EXERCISE BRIEF =
Word for word, retype every entry in the listing.

===== AVAILABLE RECORDS =====

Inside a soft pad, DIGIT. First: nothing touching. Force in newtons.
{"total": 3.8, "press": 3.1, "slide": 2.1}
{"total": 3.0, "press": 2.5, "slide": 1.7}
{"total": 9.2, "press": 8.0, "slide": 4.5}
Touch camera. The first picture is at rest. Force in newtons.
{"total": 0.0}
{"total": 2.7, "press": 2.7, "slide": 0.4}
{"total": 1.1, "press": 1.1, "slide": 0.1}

=====

WRITTEN ANSWER =
Inside a soft pad, DIGIT. First: nothing touching. Force in newtons.
{"total": 3.8, "press": 3.1, "slide": 2.1}
{"total": 3.0, "press": 2.5, "slide": 1.7}
{"total": 9.2, "press": 8.0, "slide": 4.5}
Touch camera. The first picture is at rest. Force in newtons.
{"total": 0.0}
{"total": 2.7, "press": 2.7, "slide": 0.4}
{"total": 1.1, "press": 1.1, "slide": 0.1}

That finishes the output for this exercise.